### GIVEN RECORDS ###
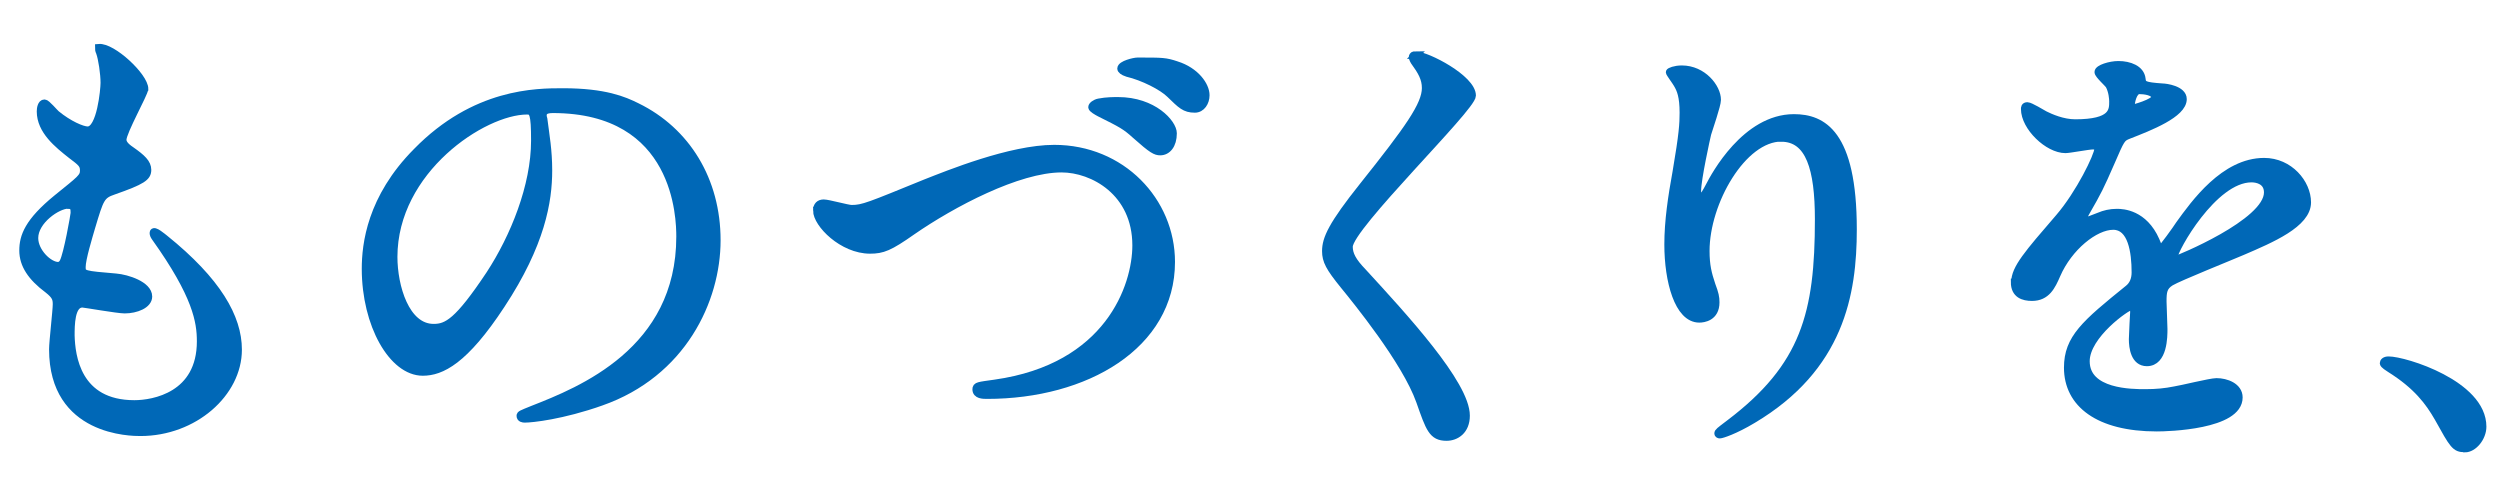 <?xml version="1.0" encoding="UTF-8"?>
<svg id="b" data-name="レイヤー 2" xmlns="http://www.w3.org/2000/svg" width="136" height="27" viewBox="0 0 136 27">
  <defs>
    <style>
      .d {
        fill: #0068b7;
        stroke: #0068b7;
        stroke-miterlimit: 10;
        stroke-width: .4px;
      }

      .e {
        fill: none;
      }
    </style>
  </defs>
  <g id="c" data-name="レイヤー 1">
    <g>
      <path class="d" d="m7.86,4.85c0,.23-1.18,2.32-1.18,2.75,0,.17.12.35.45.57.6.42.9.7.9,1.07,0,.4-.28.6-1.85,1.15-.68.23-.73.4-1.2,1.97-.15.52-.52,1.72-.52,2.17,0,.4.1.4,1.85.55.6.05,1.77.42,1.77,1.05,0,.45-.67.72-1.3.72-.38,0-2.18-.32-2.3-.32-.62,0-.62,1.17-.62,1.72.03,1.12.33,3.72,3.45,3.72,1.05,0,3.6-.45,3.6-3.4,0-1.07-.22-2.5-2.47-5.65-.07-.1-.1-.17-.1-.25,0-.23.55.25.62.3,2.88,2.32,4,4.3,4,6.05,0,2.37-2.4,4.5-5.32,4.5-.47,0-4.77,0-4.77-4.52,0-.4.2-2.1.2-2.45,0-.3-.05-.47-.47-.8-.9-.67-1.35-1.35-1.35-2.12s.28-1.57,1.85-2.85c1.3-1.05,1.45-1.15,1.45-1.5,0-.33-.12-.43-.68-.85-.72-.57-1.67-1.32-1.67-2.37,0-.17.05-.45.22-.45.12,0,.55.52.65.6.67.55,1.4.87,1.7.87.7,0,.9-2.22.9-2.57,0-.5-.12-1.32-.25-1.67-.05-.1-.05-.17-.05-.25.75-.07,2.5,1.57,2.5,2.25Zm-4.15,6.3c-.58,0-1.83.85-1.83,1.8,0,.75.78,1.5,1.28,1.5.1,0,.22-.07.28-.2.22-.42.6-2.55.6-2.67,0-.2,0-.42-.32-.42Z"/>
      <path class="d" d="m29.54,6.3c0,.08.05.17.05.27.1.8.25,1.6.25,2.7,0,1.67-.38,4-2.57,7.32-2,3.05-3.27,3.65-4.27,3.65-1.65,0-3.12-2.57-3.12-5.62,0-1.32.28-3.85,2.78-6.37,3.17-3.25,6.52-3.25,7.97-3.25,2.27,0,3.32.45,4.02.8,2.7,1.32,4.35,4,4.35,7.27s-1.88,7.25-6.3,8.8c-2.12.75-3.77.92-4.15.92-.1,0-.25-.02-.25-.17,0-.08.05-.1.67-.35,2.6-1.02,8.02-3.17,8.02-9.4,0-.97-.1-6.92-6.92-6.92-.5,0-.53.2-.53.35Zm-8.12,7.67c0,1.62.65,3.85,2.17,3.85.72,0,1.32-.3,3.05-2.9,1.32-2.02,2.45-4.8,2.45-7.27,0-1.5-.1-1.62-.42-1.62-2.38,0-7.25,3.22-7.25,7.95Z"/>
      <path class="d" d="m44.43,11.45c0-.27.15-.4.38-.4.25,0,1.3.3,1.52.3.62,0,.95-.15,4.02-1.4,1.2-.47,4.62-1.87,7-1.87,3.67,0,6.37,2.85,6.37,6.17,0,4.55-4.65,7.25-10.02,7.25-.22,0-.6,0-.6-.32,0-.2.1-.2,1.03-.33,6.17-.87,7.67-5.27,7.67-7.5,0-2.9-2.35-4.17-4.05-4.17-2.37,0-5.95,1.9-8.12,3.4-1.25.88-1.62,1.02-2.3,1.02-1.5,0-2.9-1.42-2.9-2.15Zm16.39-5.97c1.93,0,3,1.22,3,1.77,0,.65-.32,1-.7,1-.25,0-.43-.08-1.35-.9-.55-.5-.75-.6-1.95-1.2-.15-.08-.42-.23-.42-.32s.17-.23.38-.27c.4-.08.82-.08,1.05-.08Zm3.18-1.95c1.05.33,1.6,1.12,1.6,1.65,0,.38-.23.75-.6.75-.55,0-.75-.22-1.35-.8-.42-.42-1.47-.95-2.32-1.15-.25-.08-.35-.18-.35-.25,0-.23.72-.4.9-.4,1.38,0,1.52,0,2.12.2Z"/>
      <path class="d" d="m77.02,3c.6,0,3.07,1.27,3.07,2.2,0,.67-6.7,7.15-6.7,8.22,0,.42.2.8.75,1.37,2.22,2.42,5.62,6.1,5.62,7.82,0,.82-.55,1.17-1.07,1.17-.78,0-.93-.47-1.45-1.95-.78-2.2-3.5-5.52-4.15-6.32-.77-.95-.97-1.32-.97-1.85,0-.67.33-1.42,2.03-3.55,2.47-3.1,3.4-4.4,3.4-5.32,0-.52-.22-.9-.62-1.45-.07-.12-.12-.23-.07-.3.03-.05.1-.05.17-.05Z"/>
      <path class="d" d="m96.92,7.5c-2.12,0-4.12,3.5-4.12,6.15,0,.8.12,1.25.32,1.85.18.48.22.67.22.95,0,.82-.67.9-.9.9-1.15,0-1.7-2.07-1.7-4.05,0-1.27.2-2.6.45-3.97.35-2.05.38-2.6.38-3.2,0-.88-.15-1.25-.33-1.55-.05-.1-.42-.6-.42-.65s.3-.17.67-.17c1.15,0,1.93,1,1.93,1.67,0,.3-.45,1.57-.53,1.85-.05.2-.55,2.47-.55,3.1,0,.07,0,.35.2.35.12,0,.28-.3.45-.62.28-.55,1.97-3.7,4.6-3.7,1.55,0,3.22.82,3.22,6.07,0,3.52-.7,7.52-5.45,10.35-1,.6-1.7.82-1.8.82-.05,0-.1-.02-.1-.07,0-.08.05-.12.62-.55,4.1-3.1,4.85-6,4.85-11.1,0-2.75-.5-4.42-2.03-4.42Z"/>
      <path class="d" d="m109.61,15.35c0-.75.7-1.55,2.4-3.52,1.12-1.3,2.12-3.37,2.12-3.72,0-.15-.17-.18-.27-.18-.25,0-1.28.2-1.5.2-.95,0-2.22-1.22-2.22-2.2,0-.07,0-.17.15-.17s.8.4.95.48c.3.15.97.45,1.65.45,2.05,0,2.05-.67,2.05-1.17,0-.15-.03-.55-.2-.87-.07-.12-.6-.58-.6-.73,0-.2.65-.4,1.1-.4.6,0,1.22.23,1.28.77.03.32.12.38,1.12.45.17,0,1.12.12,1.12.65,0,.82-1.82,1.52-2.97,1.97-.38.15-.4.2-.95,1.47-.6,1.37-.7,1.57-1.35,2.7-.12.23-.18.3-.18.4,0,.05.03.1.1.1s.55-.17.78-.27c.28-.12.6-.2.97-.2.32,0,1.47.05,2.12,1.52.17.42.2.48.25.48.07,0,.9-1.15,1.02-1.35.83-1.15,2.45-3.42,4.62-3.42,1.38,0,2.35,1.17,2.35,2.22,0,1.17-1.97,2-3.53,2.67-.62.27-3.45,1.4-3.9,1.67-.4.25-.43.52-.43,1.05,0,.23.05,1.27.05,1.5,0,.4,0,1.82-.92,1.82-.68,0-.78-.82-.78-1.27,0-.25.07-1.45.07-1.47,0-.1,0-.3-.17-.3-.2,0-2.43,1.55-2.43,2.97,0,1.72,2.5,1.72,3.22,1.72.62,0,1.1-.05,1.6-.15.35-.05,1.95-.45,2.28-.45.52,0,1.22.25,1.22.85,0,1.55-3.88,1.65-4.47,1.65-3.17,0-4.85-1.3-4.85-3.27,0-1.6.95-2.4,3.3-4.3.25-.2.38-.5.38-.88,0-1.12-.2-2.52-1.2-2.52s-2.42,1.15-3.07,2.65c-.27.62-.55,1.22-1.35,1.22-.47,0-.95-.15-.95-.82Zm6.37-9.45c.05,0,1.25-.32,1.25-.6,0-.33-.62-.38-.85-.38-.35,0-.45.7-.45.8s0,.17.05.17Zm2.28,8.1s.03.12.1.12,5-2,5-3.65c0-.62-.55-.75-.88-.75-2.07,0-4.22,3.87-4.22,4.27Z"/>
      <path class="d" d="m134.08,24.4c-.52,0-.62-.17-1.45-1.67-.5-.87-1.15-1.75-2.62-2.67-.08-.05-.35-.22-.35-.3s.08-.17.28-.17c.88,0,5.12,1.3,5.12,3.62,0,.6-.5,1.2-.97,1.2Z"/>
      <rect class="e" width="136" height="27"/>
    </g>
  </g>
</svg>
###
*TASK TO COMPLETE:* Pick out and copy the lines of the material that include the word "stroke".

*EXPECTED ANSWER:*
        stroke: #0068b7;
        stroke-miterlimit: 10;
        stroke-width: .4px;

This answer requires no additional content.